TACT (Text Analysis Computing Tools), a system of 16 programs for MS-DOS, is designed to do text-retrieval and analysis on literary works. Typically, researchers use TACT to retrieve occurrences of a word, word pattern, or word combination. Output takes the form of a concordance, a list, or a table. Programs also can do simple kinds of analysis, such as sorted frequencies of letters, words or phrases, type-token statistics, or ranking of collocates to a word by their strength of association.

TACT is intended for individual literary texts, or small to mid-size groups of such texts, such as Chaucer's poetry, Francis Bacon's Essays, Shakespeare's plays, Jane Austen's Pride and Prejudice, John Irving's The Cider House Rules, similar works in French, German, Italian, Spanish, Latin, and other modern European languages or languages using a roman alphabet, and classical Greek. Using TACT for large corpora can raise problems best handled by software like ICAME Lexa or Open Text Systems Pat.

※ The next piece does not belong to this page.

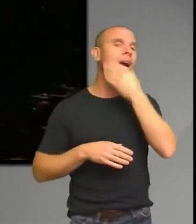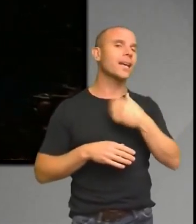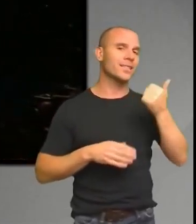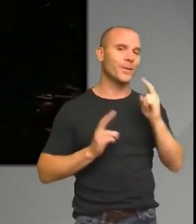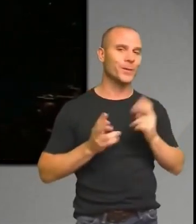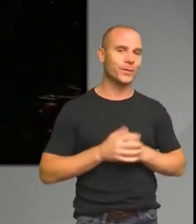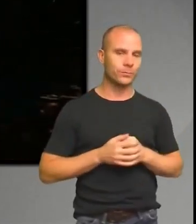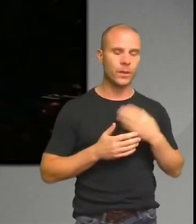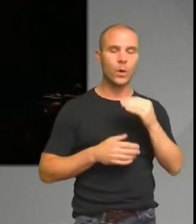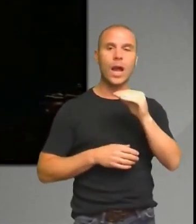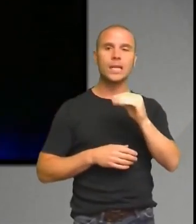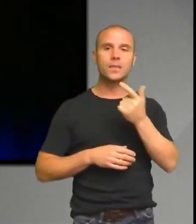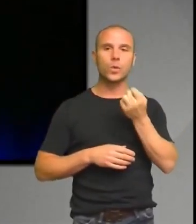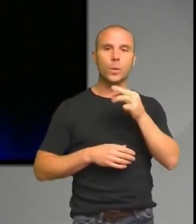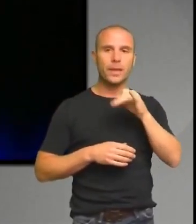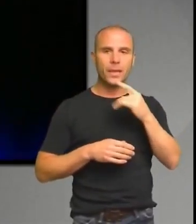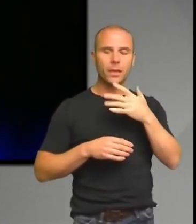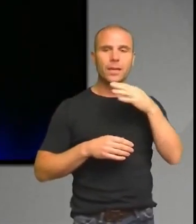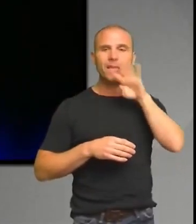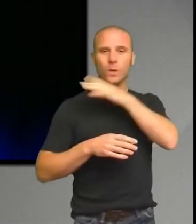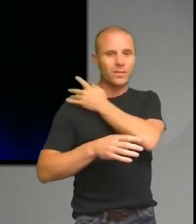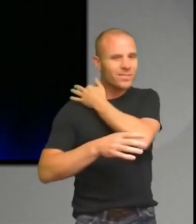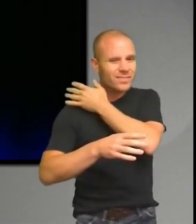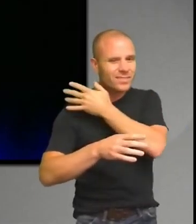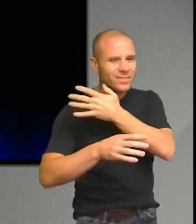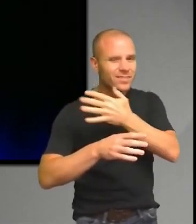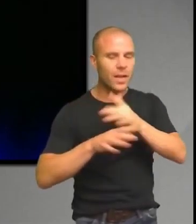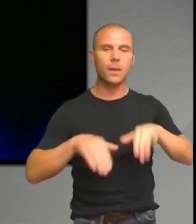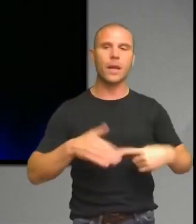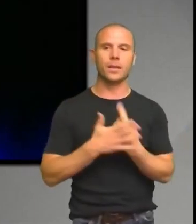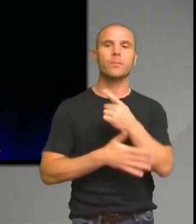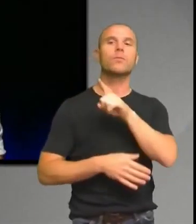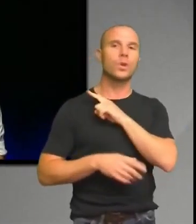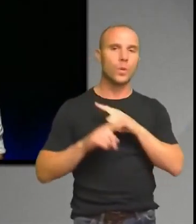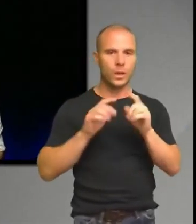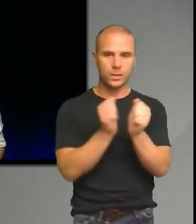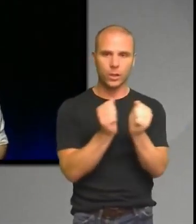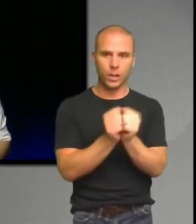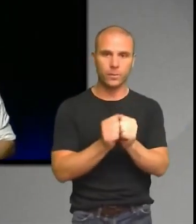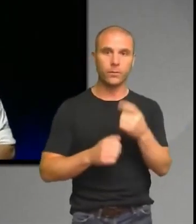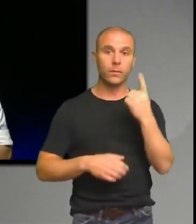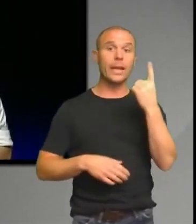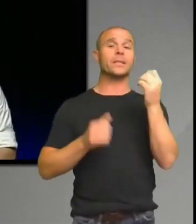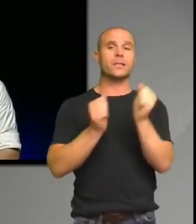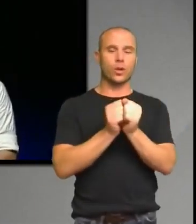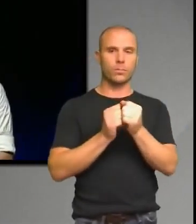så har det hänt väldigt många reverserande saker. En sak som hände var att en av mina stora idoler,
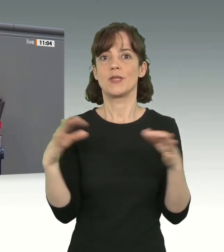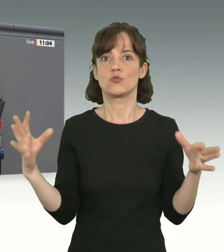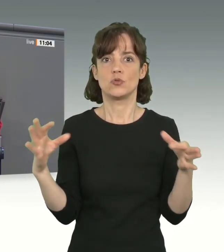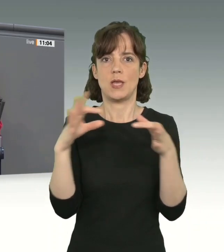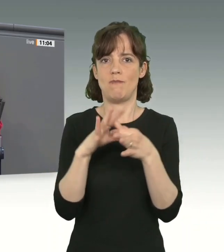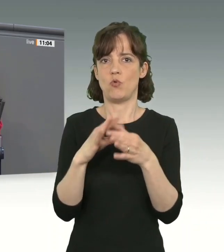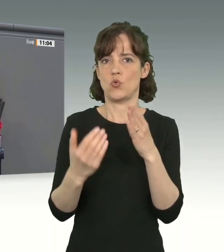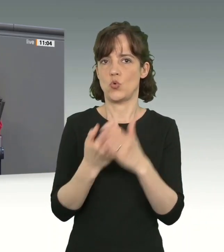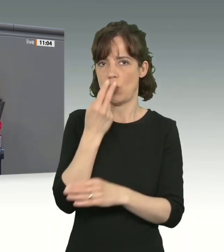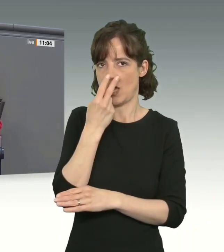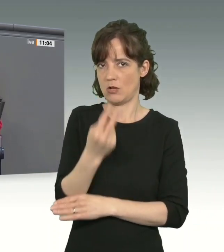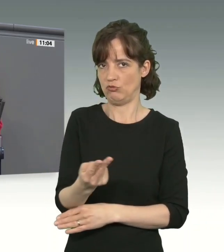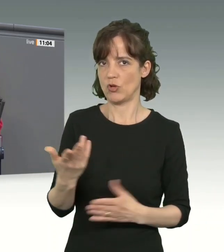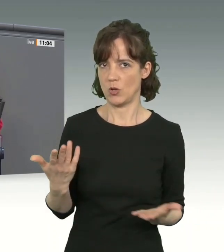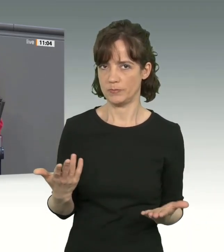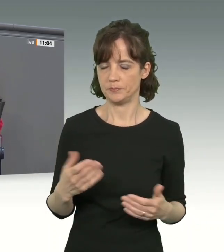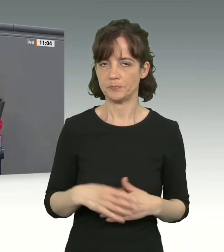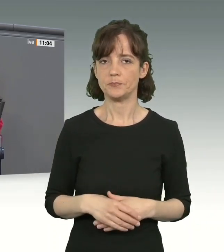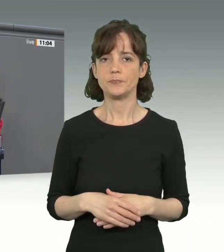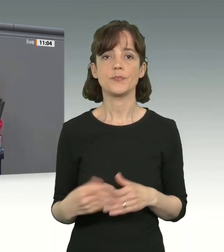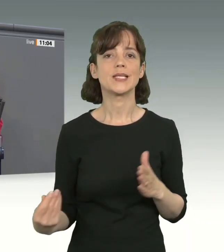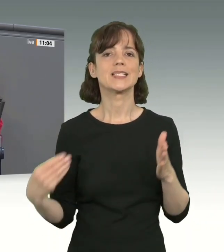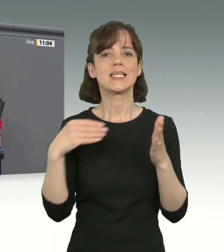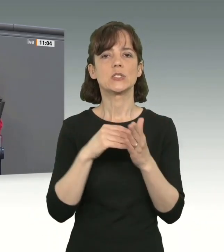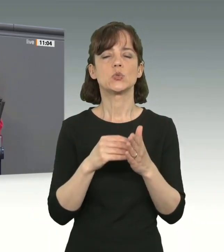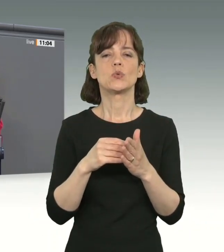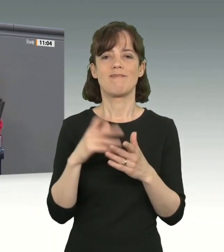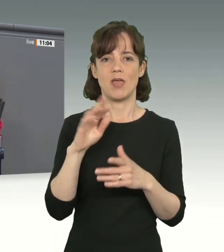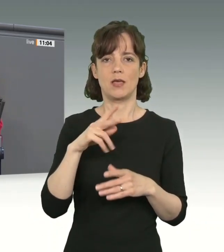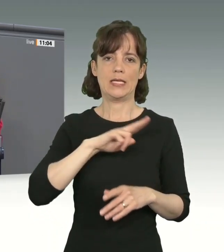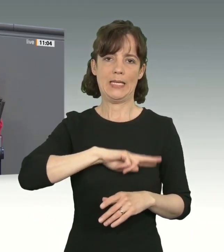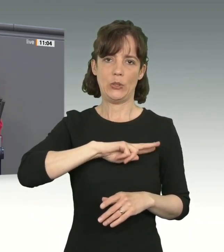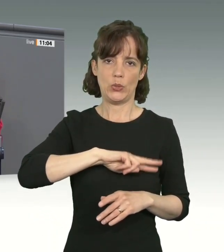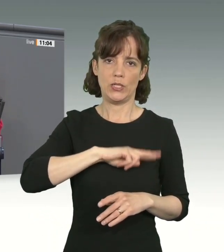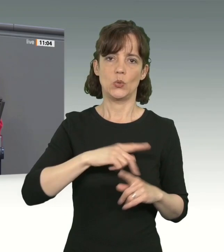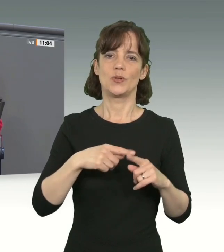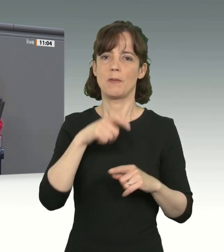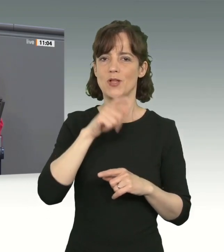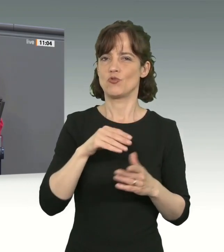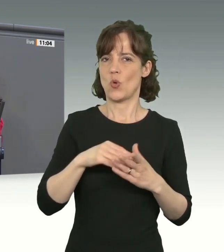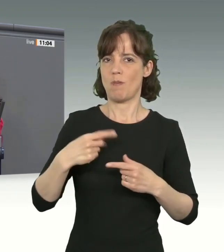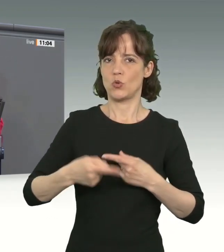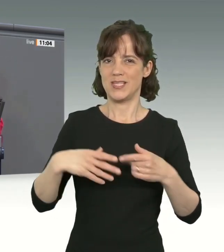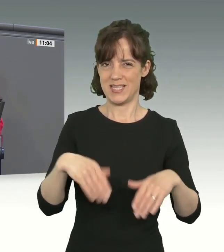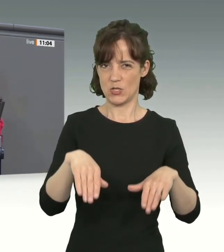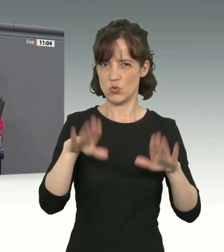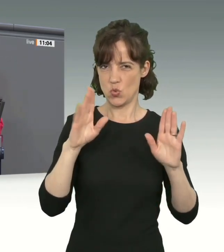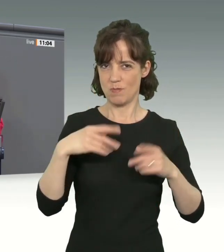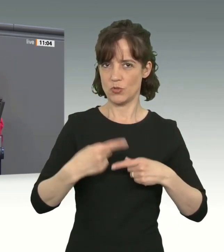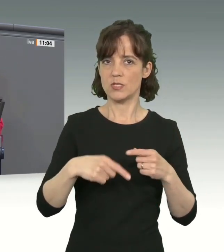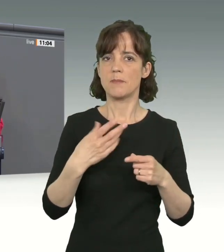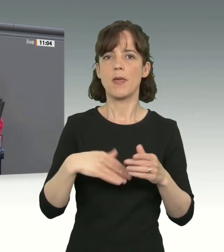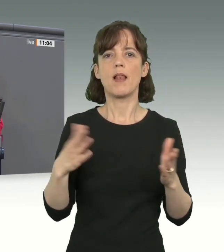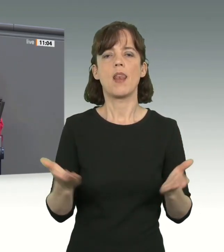neu zu regeln. Zudem sollen Geduldete sowie Menschen im Asylprozess einfacher Zugang zu deutschem

Note that on Windows 2000/XP, the streamlined menu system (DOUGMENU) will not function correctly and users will need to run each subprogram separately as in TACT's older iterations. For some of the subprograms (like USEBASE) this does not pose a problem, but MAKEBASE, TACTFREQ, ANAGRAMS, COLLGEN, FCOMPARE, HSMS2TDB, MAKEDCT, MERGEBAS, PREPROC, SATDCT, TACTSORT, TACTSTAT, and TAGTEXT require one to use the forcedos option from the command line prompt. The correct syntax for this procedure is "forcedos c:\Tact\[subprogram name].exe."

TACT 2.1.4 Users Guide

Version 1.2 of the TACT package came with a printed Guide (Toronto, 1990) that described in detail the applications it contained, including TACT, MAKBAS, COLLGEN, MERGEBAS, and BUILDBAT. In Version 2.1.4, TACT and MAKBAS have been renamed as USEBASE and MAKEBASE, respectively.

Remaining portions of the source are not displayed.